In this age of standardized testing and STEM programs, it’s easy to imagine that the only subjects that matter are reading and math. Schools in recent years have dismantled music and art classes, relegating these at most to once-a-week “specials” intended mostly to provide reading and math teachers with some planning time. Many parents are quicker to sign their kids up for afterschool tutoring than for guitar lessons or a ceramics class. They want to get, naturally, the biggest bang for their buck.

A new study, however, indicates that the arts promote the same abilities prized by schools these days. Whether your child is truly interested in art and music or simply wants to do well in science, taking classes in the arts is an important part of kids’ education.

The study, conducted by researchers at Michigan State University and published in Economic Development Quarterly, investigated the childhoods and later careers of students who graduated from the MSU Honors College with majors in science, technology, engineering or math between 1990 and 1995. Those graduates who today own businesses or hold patents had much more arts training as children than other graduates.

In addition, the researchers found that more arts leads to more success in STEM fields. According to Rex LaMore of MSU, “If you started as a young child and continued in your adult years, you’re more likely to be an inventor as measured by the number of patents generated, businesses formed or articles published. And that was something we were surprised to discover.”

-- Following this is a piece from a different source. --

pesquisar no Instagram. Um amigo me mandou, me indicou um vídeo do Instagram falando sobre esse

In addition to sheer volume of arts exposure the kind of art kids dabbled in mattered too. Those who had taken courses in metal work or electronics were 42% more likely than other kids to grow up to hold a patent, as were 30% of kids who has tried out photography. A whopping 87.5 percent of those who explored architecture as children were likely to form a company. The secret, apparently, is early training in creative thinking that supports later innovation.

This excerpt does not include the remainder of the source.